A letter written in 1621 by William Hilton, a passenger in the Fortune,
specifically says “We are all freeholders; the rent-day doth not
trouble us.”
It is no surprise, therefore, that Gorges found himself regularly
at odds with Massachusetts Bay Colony, incorporated in 1628 by
independent Puritan thinkers and holding its own patent for land that
Gorges regarded as his. Gorges tried to gain the revocation of the Massachusetts Bay
charter and found an ally in Archbishop Laud, who created the Commission
for Foreign Plantations to oversee England’s overseas colonies.
Gorges’ push to establish royal control over New England led to
the dissolution of the Council for New England in 1635.
The Council resigned its charter to the king, leading to the
resumption of royal control – in theory, at least - over the whole
area.
Gorges now launched a campaign to be named royal governor of all New
England and to be supported in that office by a proprietary province –
the Province of Maine.
Gorges’ interest in the New World had first been piqued by the
1605 Weymouth voyage to Maine – and Maine was never to leave Gorges’
thoughts. In 1622, the year
after the Peirce Patent was granted, Gorges had received (with a
partner, John Mason) a grant for the territory lying between the
Merrimack and Kennebec Rivers. Because
of European conflicts, the grant could not be pursued until 1629, when
Gorges and Mason divided the land, Gorges taking that east of the
Piscataqua River, which became the Province of Maine.

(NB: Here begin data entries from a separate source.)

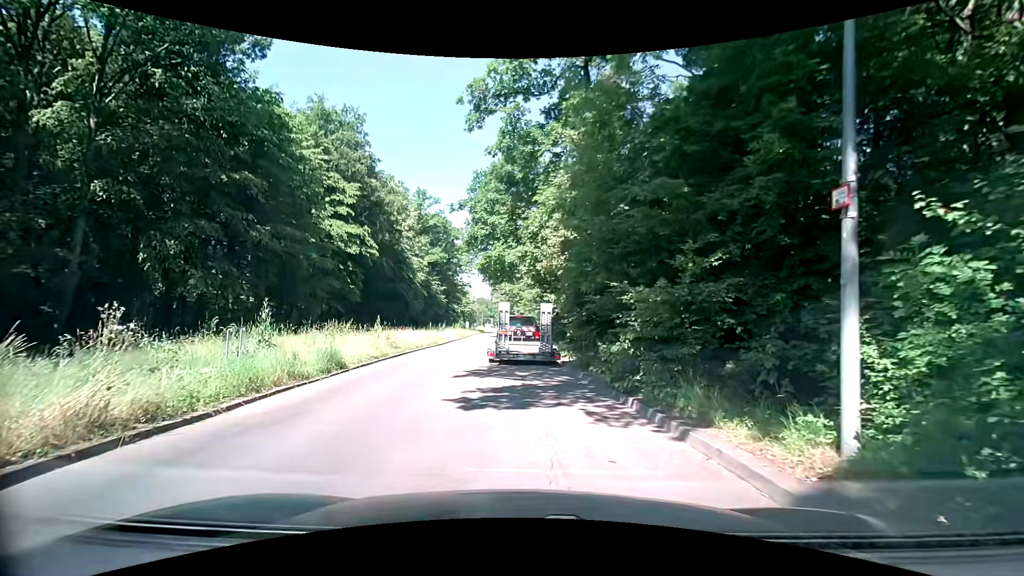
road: unclassified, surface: asphalt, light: Day
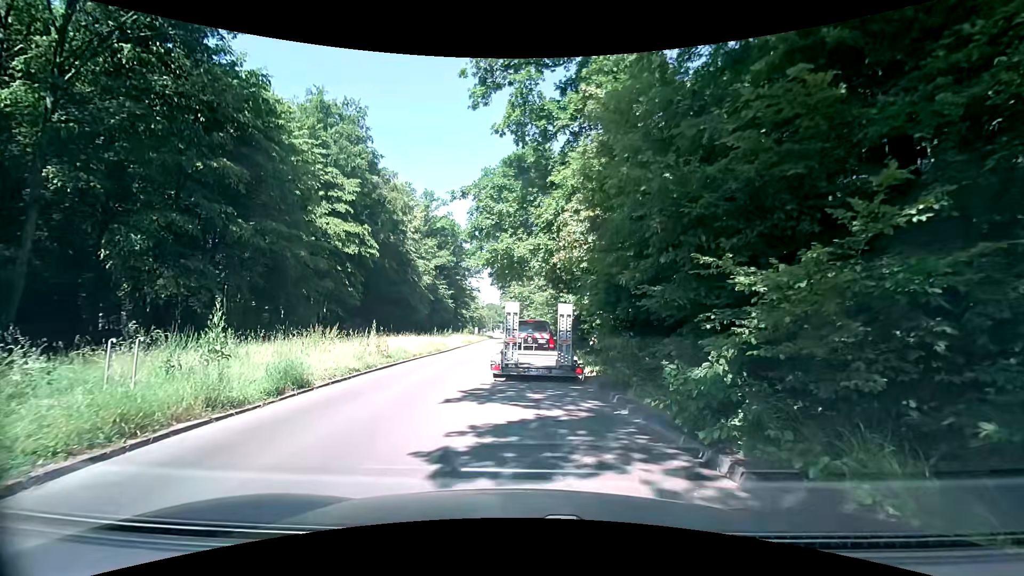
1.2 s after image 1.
(-0.1, +3.3) m; -3°
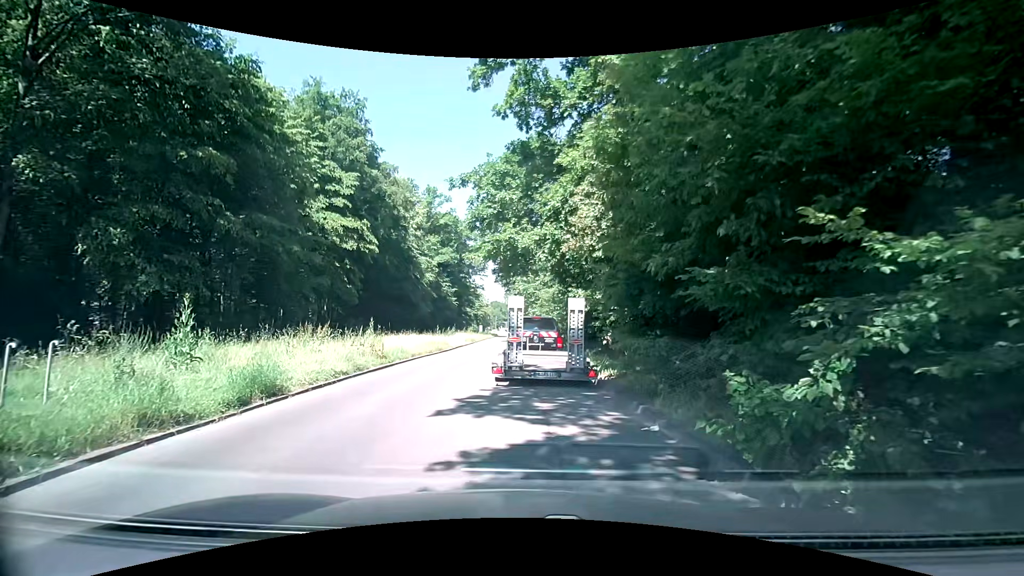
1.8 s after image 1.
(0.0, +1.5) m; 0°

Gorges began to slowly make land grants, encouraging settlers, and financing fishing
stations.
Gorges did receive a royal charter for Maine in 1639 that gave him
extraordinary governmental powers that could be inherited by his heirs
or assigns, setting up – in effect –an American hereditary nobility.
Gorges hoped to someday travel to America to claim his new lands
but, in the meantime, sent a cousin, Thomas Gorges, as deputy governor.
The looming English Civil
War, and the struggle between Charles I and Parliament, put an end to
Gorges’ hopes, both for his personal governorship in Maine as well as
the establishment of royal control over New England.
During the ensuing war, Gorges was an active supporter of the royal
cause. He raised a cavalry
troop in support of the king and took part in military actions well into
his 70s. His cousin,
Thomas Gorges, in contrast, returned from Maine to England in 1643 to
serve on the winning parliamentary side.
Gorges died in 1647,
disappointed and impoverished. His
grant passed to his heirs. Maine had been almost entirely absorbed by
Massachusetts during the 1650s and Gorges’ grandson, another
Ferdinando, finally sold all his Maine rights to Massachusetts in 1677
for £1,250.
Ferdinando Gorges today is little remembered.
He founded no permanent colonies and most of his ventures were
failures. His legacy rests
on his enthusiastic and visionary support for other, more successful
enterprises.
| Ferdinando Gorges said of
himself (in modernized English) |
“I
dealt not as merchants or tradesmen are wont, seeking only to
make my own profit, my ends being to make perfect the thorough
discovery of the Country (wherein I waded so far with the help
of those that joined with me) as I opened the way for others,
to make their gain, which has been the means to encourage
their followers to prosecute it to their advantage.”